■ What the task asks ■
Please restate each line of the data below exactly. Omit all images.

[[ The data open ]]

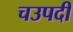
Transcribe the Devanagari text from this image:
चउपदी
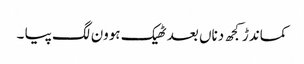
کماندڑ کجھ دناں بعد ٹھیک ہوون لگ پیا ۔
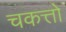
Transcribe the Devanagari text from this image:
चकत्तो
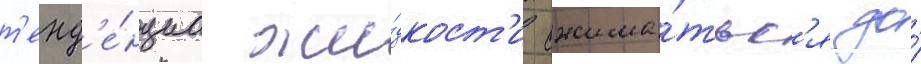
т'енд'е́нциа жи́дкост'и сжима́тьс'я до́
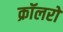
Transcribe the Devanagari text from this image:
क्रॉलरों
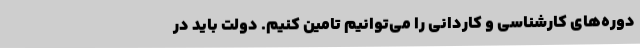
دوره‌های کارشناسی و کاردانی را می‌توانیم تامین کنیم. دولت باید در
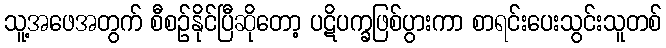
သူ့အဖေအတွက် စီစဉ်နိုင်ပြီဆိုတော့ ပဋိပက္ခဖြစ်ပွားကာ စာရင်းပေးသွင်းသူတစ်
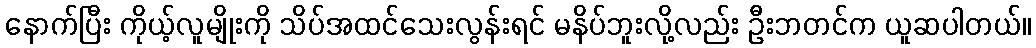
နောက်ပြီး ကိုယ့်လူမျိုးကို သိပ်အထင်သေးလွန်းရင် မနိပ်ဘူးလို့လည်း ဦးဘတင်က ယူဆပါတယ်။
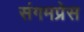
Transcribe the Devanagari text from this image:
संगमप्रेस
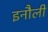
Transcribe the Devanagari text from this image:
इनौली
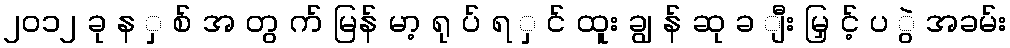
၂၀၁၂ ခု န ှ စ် အ တွ က် မြန် မာ့ ရု ပ် ရ ှ င် ထူး ချွ န် ဆု ခ ျီး မြှ င့် ပ ွဲ အခမ်း
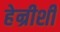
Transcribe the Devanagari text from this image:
हेन्रीशी
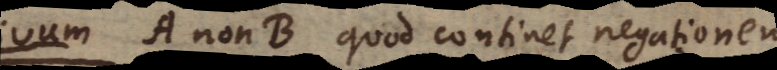
m A non B quod continet negationem,
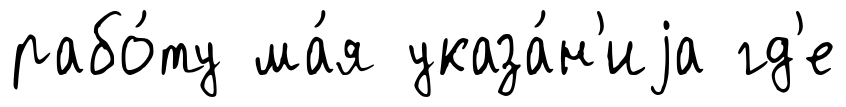
рабо́ту ма́я указа́н'иjа гд'е
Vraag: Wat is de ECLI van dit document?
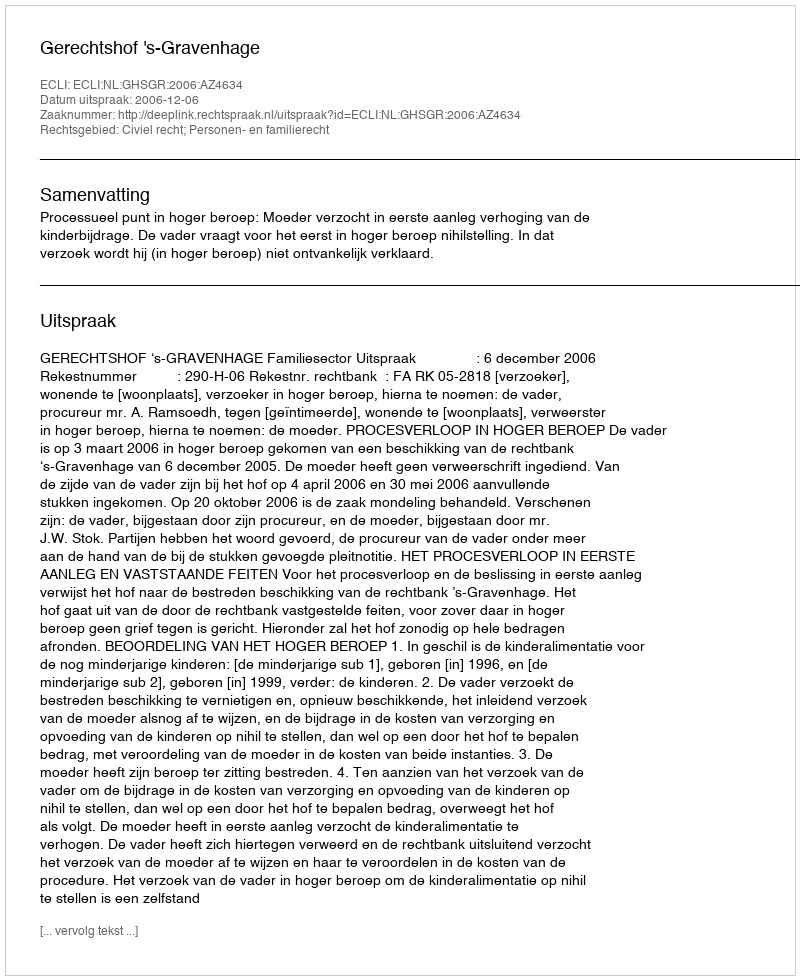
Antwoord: ECLI:NL:GHSGR:2006:AZ4634
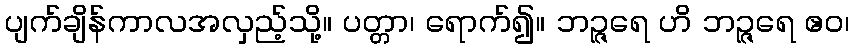
ပျက်ချိန်ကာလအလှည့်သို့။ ပတ္တာ၊ ရောက်၍။ ဘဉ္ဇရေ ဟိ ဘဉ္ဇရေ ဧဝ၊
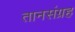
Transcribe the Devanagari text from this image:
तानसंग्रह
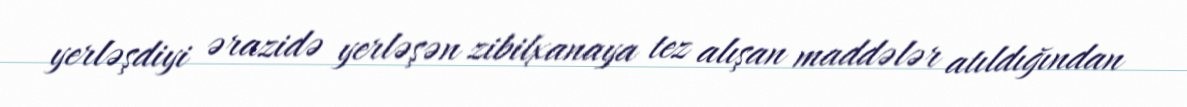
yerləşdiyi ərazidə yerləşən zibilxanaya tez alışan maddələr atıldığından
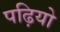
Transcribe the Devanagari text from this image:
पढ़ियो
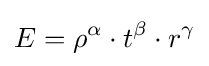
E=\rho ^{\alpha }\cdot t^{\beta }\cdot r^{\gamma }

[[ The data closed ]]

■ Worked solution ■
Transcribe the Devanagari text from this image:
चउपदी
کماندڑ کجھ دناں بعد ٹھیک ہوون لگ پیا ۔
Transcribe the Devanagari text from this image:
चकत्तो
т'енд'е́нциа жи́дкост'и сжима́тьс'я до́
Transcribe the Devanagari text from this image:
क्रॉलरों
دوره‌های کارشناسی و کاردانی را می‌توانیم تامین کنیم. دولت باید در
သူ့အဖေအတွက် စီစဉ်နိုင်ပြီဆိုတော့ ပဋိပက္ခဖြစ်ပွားကာ စာရင်းပေးသွင်းသူတစ်
နောက်ပြီး ကိုယ့်လူမျိုးကို သိပ်အထင်သေးလွန်းရင် မနိပ်ဘူးလို့လည်း ဦးဘတင်က ယူဆပါတယ်။
Transcribe the Devanagari text from this image:
संगमप्रेस
Transcribe the Devanagari text from this image:
इनौली
၂၀၁၂ ခု န ှ စ် အ တွ က် မြန် မာ့ ရု ပ် ရ ှ င် ထူး ချွ န် ဆု ခ ျီး မြှ င့် ပ ွဲ အခမ်း
Transcribe the Devanagari text from this image:
हेन्रीशी
m A non B quod continet negationem,
рабо́ту ма́я указа́н'иjа гд'е
Vraag: Wat is de ECLI van dit document?
Antwoord: ECLI:NL:GHSGR:2006:AZ4634
ပျက်ချိန်ကာလအလှည့်သို့။ ပတ္တာ၊ ရောက်၍။ ဘဉ္ဇရေ ဟိ ဘဉ္ဇရေ ဧဝ၊
Transcribe the Devanagari text from this image:
तानसंग्रह
yerləşdiyi ərazidə yerləşən zibilxanaya tez alışan maddələr atıldığından
Transcribe the Devanagari text from this image:
पढ़ियो
E=\rho ^{\alpha }\cdot t^{\beta }\cdot r^{\gamma }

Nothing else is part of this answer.